From: Mel Gorman <mgorman@techsingularity.net>
To: Peter Zijlstra <peterz@infradead.org>
Cc: kernel test robot <oliver.sang@intel.com>,
	LKML <linux-kernel@vger.kernel.org>,
	x86@kernel.org, lkp@lists.01.org, lkp@intel.com,
	ying.huang@intel.com, feng.tang@intel.com,
	zhengjun.xing@linux.intel.com, aubrey.li@linux.intel.com,
	yu.c.chen@intel.com
Subject: Re: [sched/fair]  56498cfb04:  netperf.Throughput_tps -5.4% regression
Date: Wed, 22 Sep 2021 14:42:47 +0100	[thread overview]
Message-ID: <20210922134247.GY3959@techsingularity.net> (raw)
In-Reply-To: <20210922124400.GQ4323@worktop.programming.kicks-ass.net>

On Wed, Sep 22, 2021 at 02:44:00PM +0200, Peter Zijlstra wrote:
> On Sun, Sep 12, 2021 at 11:34:47PM +0800, kernel test robot wrote:
> > 
> > 
> > Greeting,
> > 
> > FYI, we noticed a -5.4% regression of netperf.Throughput_tps due to commit:
> > 
> > 
> > commit: 56498cfb045d7147cdcba33795d19429afcd1d00 ("sched/fair: Avoid a second scan of target in select_idle_cpu")
> > https://git.kernel.org/pub/scm/linux/kernel/git/torvalds/linux.git master
> 
> Mel, was this in line with your own benchmarks?

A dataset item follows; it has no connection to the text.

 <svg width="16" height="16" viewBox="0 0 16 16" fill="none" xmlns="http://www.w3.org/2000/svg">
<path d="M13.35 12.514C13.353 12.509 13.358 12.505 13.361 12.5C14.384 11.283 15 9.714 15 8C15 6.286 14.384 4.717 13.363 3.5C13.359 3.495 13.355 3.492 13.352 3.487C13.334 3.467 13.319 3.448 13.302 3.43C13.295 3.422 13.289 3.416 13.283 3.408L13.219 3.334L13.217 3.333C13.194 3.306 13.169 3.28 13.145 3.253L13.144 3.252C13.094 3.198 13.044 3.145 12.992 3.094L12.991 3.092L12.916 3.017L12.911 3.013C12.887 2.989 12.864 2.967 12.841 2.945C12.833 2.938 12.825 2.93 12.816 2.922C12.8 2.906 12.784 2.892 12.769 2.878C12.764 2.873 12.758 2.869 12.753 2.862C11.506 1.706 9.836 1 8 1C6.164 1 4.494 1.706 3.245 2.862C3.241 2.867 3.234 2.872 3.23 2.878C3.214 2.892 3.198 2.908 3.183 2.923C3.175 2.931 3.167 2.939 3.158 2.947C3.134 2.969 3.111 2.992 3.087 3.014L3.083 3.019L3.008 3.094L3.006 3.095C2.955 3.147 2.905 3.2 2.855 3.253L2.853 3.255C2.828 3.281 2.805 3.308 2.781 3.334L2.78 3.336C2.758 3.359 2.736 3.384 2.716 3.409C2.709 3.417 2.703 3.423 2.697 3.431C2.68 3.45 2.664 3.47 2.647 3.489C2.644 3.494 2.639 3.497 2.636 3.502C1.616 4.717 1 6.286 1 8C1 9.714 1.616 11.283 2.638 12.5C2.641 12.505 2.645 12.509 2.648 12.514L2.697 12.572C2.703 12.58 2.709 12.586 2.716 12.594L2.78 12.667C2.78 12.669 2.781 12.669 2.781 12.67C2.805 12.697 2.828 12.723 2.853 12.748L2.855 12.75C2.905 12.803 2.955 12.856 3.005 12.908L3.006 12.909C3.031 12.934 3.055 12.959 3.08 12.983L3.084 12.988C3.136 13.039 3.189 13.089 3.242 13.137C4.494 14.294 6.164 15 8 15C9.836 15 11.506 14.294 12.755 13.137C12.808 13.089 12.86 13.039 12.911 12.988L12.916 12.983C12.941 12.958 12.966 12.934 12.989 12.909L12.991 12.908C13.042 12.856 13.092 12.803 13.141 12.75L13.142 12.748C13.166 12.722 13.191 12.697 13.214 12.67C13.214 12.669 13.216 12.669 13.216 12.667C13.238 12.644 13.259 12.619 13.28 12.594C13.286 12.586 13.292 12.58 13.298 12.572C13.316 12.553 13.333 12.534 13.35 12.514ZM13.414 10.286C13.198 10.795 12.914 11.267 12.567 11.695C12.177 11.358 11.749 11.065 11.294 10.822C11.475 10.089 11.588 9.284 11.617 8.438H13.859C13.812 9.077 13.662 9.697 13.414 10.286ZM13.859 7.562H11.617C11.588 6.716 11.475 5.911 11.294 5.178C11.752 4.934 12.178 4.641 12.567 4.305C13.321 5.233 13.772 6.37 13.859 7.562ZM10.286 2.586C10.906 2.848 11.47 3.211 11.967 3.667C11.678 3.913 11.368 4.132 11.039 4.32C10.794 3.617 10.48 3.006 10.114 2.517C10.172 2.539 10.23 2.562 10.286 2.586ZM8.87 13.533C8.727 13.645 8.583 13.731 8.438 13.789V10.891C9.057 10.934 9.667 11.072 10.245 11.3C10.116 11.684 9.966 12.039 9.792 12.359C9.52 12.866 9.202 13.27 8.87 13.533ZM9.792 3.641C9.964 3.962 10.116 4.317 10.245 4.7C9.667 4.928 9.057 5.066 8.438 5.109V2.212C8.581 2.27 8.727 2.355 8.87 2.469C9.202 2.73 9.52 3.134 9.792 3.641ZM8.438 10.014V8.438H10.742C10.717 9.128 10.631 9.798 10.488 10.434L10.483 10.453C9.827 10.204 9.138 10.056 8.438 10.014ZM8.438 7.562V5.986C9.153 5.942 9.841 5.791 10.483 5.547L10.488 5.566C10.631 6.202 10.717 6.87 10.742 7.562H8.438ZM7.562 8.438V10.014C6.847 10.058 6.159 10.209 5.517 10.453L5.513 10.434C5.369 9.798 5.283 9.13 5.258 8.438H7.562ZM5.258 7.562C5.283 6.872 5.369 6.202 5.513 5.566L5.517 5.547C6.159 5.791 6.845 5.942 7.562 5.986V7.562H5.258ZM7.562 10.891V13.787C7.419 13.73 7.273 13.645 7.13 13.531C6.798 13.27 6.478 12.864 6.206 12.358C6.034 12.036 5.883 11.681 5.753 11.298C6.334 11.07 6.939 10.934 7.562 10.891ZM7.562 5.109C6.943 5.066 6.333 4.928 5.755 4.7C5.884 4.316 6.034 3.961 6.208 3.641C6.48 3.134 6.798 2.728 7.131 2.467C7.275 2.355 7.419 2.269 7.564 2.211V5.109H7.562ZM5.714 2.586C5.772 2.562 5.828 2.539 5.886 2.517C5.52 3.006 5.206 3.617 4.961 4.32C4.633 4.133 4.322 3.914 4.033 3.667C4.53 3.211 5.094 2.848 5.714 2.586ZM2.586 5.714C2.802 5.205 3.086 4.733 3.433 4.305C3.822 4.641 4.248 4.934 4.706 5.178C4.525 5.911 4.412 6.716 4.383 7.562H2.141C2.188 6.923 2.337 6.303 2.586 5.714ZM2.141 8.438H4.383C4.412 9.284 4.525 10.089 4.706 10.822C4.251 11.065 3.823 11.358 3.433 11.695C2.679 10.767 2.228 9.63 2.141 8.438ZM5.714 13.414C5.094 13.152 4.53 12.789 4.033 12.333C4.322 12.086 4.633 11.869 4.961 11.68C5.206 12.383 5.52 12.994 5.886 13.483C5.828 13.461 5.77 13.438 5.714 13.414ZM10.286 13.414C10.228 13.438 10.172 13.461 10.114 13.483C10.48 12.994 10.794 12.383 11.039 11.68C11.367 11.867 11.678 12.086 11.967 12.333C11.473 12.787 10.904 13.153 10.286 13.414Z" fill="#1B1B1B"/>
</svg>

UDP-RR was not run but I could add it for future reference as a
socket-based-ping-pong test. However, it would not be equivalent to lkp
as I only run one client/server.

For UDP_STREAM with single client the significant differences reported
were;

machine1:	+1.07% to +1.54% depending on packet size
machine2:	-1.4%  to +0.9%
machine3:	+1.5%  to -2.46%
machine4:	+1.16% to +1.64%
machine5:	-1.59% to +1.23%
machine6:	-2.10% to +1.83%

So it was a mix of small gains and some regressions with more gains than
losses. As netperf is running localhost, it can be a bit unreliable and
other workloads showed more gains than losses. On machine 2, total system
CPU usage went from 1195.21 seconds to 1197.52 seconds but activities like
context switches and interrupt deliveries were broadly similar. There
were differences in the total number of slab pages used but roughly
similar trends to probably reflect the system starting state more than
anything else.

On balance, I concluded that rescanning target is wasteful and that while
there might be slight variances, they would be difficult to consistent
reproduce. The largest concern is that skipping target means that one
additional new rq is potentially examined. That would incur a small
penalty if it was a wasteful search.

For the LKP test, the nr_threads are 50% so I expect with two sockets,
the machine is fully loaded and would be vulnerable to load-balancing
artifacts as client and server threads move around. Hence, I ended up
thinking that this result was likely a false positive.

-- 
Mel Gorman
SUSE Labs